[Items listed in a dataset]
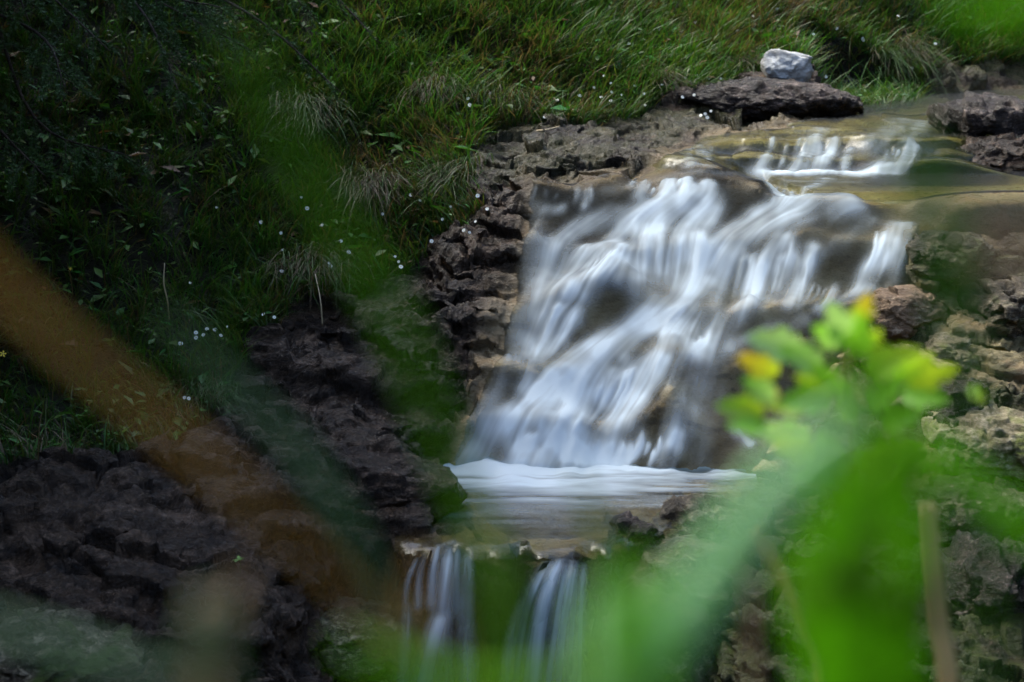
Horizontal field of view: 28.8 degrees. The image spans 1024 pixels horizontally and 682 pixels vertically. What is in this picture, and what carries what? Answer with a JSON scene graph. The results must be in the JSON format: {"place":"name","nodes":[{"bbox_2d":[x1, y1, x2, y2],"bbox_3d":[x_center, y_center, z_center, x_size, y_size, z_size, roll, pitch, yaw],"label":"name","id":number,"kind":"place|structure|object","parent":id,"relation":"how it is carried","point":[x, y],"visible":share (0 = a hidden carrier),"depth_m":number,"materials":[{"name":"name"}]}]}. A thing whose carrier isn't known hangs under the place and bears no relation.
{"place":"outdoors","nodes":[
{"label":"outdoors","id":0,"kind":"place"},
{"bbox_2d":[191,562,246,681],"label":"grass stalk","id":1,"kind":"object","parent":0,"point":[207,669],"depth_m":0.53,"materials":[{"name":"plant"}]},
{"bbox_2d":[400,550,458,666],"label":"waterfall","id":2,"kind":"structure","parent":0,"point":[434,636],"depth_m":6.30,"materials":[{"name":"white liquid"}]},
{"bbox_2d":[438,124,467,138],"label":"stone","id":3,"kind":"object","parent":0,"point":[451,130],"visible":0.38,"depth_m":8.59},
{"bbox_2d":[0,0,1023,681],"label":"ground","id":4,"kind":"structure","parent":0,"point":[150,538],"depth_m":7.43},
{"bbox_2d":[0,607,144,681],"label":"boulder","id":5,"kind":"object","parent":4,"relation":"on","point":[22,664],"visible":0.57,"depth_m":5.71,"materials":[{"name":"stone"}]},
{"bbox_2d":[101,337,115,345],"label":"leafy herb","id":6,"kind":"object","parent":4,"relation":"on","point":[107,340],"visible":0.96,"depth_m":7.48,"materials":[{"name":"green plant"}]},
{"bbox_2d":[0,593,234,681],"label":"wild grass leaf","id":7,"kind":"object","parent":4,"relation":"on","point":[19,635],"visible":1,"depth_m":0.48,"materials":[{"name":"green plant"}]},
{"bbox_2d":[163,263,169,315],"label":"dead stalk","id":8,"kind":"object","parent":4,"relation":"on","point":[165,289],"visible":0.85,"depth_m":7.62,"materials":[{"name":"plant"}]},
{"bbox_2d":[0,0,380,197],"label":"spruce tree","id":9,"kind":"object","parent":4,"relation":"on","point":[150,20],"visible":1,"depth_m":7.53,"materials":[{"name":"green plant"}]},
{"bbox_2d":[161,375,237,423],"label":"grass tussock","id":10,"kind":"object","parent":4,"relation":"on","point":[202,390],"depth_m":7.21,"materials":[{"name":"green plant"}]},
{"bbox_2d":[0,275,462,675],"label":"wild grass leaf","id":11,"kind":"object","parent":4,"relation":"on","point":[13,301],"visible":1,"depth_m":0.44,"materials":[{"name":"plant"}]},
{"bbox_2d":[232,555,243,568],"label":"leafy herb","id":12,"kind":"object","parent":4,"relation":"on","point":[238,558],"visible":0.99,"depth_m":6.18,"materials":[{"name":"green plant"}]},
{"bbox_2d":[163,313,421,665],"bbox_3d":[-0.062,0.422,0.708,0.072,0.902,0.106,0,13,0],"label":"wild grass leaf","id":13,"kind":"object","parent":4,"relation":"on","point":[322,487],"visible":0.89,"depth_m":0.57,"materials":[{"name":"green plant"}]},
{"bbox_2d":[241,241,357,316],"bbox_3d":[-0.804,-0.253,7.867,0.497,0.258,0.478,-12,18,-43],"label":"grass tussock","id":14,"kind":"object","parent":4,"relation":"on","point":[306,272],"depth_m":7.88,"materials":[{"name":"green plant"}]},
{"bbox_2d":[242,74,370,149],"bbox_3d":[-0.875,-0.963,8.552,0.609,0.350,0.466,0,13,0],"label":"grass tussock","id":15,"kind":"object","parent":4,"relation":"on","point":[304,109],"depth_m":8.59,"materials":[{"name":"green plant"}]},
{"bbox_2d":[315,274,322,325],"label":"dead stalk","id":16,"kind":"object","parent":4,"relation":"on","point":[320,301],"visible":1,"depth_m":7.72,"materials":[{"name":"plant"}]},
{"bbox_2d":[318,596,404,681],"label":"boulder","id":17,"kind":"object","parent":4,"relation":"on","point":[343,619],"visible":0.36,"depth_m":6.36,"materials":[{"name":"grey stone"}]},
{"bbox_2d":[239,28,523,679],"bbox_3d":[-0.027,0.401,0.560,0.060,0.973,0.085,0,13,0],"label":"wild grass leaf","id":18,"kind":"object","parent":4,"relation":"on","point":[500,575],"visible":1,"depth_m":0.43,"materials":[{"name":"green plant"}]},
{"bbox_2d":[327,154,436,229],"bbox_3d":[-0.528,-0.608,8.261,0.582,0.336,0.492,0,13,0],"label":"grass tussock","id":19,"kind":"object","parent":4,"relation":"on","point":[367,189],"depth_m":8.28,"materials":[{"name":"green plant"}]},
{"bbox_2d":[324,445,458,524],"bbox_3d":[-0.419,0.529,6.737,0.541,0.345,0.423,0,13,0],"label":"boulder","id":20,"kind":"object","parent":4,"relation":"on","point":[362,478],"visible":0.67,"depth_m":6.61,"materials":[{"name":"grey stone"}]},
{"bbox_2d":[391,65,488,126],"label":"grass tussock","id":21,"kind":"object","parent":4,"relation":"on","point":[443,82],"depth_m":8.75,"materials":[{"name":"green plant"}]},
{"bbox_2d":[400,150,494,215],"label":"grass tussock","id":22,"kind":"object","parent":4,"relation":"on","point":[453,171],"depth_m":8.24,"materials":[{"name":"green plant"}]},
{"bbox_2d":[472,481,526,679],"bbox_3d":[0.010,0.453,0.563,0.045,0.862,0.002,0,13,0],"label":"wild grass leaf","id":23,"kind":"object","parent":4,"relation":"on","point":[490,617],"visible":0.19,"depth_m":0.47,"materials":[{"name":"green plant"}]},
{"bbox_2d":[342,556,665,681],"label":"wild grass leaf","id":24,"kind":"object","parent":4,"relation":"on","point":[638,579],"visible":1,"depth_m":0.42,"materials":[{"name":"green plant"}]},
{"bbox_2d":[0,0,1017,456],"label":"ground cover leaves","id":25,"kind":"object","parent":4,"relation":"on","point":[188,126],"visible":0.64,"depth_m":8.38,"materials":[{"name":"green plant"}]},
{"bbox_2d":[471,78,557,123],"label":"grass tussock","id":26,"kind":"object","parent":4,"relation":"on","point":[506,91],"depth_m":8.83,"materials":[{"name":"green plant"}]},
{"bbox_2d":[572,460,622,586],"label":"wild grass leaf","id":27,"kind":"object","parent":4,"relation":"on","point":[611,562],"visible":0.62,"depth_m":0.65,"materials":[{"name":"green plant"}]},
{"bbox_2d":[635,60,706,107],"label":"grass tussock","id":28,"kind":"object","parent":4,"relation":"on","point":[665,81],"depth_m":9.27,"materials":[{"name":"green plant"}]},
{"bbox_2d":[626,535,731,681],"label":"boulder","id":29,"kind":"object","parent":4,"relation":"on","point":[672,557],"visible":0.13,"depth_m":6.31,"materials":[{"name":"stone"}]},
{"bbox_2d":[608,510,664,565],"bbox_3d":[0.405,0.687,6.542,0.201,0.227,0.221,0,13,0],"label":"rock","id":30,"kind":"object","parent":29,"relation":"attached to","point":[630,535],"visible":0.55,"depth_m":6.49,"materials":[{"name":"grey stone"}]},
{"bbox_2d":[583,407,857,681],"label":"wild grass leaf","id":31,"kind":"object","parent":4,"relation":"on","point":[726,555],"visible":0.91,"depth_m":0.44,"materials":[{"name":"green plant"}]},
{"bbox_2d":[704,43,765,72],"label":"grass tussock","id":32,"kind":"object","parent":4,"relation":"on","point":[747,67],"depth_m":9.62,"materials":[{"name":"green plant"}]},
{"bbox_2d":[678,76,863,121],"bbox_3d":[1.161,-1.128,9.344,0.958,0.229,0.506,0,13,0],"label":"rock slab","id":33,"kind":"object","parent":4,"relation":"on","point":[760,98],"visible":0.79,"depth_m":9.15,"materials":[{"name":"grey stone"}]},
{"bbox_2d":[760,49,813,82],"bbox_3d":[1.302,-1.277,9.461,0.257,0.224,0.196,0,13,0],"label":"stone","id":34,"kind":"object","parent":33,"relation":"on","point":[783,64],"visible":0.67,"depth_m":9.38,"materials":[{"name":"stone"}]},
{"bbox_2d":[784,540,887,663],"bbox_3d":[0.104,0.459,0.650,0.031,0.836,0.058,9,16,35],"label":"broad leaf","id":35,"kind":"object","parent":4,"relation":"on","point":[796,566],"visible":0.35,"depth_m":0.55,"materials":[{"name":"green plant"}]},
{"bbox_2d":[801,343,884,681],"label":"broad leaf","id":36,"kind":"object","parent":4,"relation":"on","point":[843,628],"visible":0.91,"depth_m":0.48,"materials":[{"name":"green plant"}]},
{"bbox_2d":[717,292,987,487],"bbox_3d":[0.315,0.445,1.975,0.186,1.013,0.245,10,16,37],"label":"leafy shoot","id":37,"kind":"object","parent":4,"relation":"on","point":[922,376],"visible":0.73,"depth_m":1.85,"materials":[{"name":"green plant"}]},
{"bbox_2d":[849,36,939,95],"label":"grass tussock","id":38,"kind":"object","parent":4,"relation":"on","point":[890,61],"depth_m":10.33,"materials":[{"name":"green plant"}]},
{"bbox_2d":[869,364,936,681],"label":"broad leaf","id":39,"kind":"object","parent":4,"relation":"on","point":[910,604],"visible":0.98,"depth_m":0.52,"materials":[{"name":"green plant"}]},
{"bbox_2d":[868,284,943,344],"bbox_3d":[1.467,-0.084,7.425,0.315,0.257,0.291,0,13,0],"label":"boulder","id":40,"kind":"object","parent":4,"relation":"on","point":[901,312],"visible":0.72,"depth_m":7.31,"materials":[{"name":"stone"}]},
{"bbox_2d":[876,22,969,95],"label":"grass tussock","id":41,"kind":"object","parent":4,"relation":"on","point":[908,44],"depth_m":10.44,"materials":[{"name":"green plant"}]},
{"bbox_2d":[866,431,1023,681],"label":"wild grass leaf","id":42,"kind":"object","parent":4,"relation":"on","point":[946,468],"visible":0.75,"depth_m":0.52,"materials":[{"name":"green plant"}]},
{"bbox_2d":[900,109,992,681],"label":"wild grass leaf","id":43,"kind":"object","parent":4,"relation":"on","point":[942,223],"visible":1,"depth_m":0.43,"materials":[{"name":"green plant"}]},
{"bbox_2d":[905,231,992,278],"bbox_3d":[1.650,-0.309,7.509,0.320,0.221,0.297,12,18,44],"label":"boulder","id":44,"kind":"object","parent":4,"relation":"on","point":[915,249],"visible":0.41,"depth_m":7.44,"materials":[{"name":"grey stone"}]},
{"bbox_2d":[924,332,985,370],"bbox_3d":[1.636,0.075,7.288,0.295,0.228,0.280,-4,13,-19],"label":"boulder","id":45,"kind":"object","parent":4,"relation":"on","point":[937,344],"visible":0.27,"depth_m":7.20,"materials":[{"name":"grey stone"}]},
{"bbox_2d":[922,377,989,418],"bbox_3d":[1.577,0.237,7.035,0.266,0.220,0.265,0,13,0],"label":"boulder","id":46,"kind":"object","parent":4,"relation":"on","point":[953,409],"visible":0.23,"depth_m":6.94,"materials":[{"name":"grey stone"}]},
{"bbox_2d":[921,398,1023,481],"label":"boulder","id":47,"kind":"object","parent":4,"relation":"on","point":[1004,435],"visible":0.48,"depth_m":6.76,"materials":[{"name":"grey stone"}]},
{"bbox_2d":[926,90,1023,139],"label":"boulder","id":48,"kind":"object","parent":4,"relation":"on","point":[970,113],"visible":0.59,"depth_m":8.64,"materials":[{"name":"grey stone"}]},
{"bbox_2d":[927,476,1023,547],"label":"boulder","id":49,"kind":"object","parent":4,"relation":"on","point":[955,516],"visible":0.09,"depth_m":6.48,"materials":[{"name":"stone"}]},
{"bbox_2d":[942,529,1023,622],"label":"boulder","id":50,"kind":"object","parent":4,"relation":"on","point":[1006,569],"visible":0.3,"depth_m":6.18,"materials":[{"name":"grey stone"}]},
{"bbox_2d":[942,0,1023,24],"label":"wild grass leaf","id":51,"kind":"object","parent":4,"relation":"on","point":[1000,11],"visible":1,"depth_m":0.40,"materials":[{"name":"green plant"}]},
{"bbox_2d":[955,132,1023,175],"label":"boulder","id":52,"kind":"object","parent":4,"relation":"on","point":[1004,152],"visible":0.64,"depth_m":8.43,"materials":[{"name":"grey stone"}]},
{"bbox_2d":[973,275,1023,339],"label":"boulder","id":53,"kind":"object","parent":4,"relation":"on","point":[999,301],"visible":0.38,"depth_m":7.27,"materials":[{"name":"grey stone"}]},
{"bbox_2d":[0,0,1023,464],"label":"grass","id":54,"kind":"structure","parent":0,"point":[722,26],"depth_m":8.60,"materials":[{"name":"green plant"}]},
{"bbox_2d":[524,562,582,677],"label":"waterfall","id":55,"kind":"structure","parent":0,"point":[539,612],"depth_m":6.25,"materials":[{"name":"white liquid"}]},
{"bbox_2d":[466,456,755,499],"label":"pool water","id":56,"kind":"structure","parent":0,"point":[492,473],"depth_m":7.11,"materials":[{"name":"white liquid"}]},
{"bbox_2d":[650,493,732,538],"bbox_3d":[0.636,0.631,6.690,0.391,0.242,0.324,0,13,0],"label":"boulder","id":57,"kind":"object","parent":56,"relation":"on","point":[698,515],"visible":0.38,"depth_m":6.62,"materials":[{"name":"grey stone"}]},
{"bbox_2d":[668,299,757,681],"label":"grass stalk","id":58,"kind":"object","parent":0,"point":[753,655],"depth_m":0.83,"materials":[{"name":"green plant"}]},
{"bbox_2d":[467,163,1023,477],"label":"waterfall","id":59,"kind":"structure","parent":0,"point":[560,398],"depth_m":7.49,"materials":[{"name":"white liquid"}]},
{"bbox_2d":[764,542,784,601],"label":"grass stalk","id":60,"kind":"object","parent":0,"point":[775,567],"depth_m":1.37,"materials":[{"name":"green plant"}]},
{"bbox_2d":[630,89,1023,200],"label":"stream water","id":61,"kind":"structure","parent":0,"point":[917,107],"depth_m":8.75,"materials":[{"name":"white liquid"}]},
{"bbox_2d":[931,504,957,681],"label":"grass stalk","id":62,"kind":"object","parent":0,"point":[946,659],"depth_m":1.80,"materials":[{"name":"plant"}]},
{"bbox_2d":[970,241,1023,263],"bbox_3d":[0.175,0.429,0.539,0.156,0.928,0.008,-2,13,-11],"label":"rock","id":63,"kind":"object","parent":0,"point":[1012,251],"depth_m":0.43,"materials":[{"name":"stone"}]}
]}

Assignment –
Where in the records does the string "dead" appear? Copy every line that has it.

Answer to this problem –
{"bbox_2d":[163,263,169,315],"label":"dead stalk","id":8,"kind":"object","parent":4,"relation":"on","point":[165,289],"visible":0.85,"depth_m":7.62,"materials":[{"name":"plant"}]},
{"bbox_2d":[315,274,322,325],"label":"dead stalk","id":16,"kind":"object","parent":4,"relation":"on","point":[320,301],"visible":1,"depth_m":7.72,"materials":[{"name":"plant"}]},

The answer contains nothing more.